This isn't an AIBU but I'm posting here for traffic as I'm feeling really low and desperate to talk to someone..
I'm 28 weeks pregnant currently. I wasn't in the best shape going into this pregnancy, weighed about 13 stone at 5ft 4 and fitness could have been better although I had a part time job that was fairly active so I wasn't entirely sedentary.
Anyway, I had horrible dry hyperemesis from weeks 5 of pregnancy until weeks 22. It absolutely floored me, one of the most unpleasant things I've experienced. I ended up taking so many different kinds of medications to help but nothing was very effective. I felt so sick every day that I basically became house bound and lay down a lot and also ate a lot of carbs as these were the only things that didn't make the nausea worse.
I ended up having to quit my job because of time off sick.
It finally eased up at 22 weeks and I felt better but this was the start of the summer holidays and as I am a carer for my DS6 who is Autistic, my life can be quite difficult and the summer holidays are the worst usually. This one has been particularly bad so we haven't been able to go out much or do anything really active due to DS's needs so more sitting around the house has happened these last 5/6 weeks.
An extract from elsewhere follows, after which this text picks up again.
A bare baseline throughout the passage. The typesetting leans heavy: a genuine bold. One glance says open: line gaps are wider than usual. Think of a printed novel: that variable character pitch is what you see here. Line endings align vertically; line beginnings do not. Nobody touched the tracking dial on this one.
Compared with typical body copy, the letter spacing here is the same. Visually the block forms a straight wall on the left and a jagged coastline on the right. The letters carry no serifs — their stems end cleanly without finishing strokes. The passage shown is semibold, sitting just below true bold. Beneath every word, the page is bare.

On top of that I have ligament pain in my bump that starts after standing for a few minutes and makes it really uncomfortable to walk. I also have plantar fasciitis and tendonitis making things even more uncomfortable.
A couple of days ago I got diagnosed with Gestational Diabetes and I'm not surprised. I feel so guilty and upset about it but I really haven't been healthy this pregnancy. Anyway, since they told me I have researched GD and have been following a GD diet. I have my appointment with the diabetes nurse tomorrow to get the testing kit.
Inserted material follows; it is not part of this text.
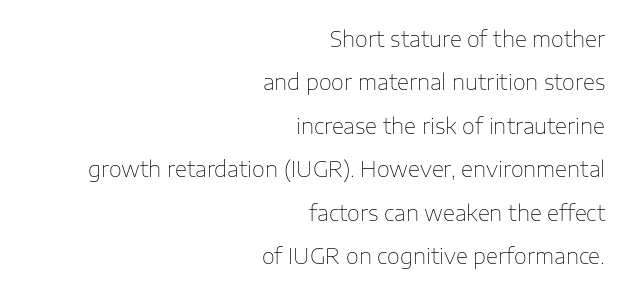
This sample uses an upright cut, with every glyph sitting square on the baseline. You could call the tracking neutral — neither tight nor loose. Line ends are locked; line starts wander. These lines stand farther apart than default settings would place them. Nobody drew a line under any word here. These glyphs show unthickened strokes, regular width or finer.

But today I decided I would try and go for a 20 minute walk as i had some rare time without my DS. It was all on the flat so not strenuous but after about 2 minutes one of my lower legs was feeling really tight and crampy and then a few minutes later the other one started. It was really uncomfortable to walk but I pushed through and did 25 minutes.
But I am so worried and upset that this is something serious! I've been silly and googled and now am scared that I have claudication. I don't know if its this or if its just my muscles aren't used to walking any more after so long not using them and of course all this rapid weight gain on me.
I just feel totally hopeless and scared. I really want to make positive changes to my life but I feel like everything is stacked against me and the thought of having serious health concerns is terrifying.
If you've managed to read this far, thank you. I'm sorry it's been so long. I have no one to talk to about this and am feeling really worried.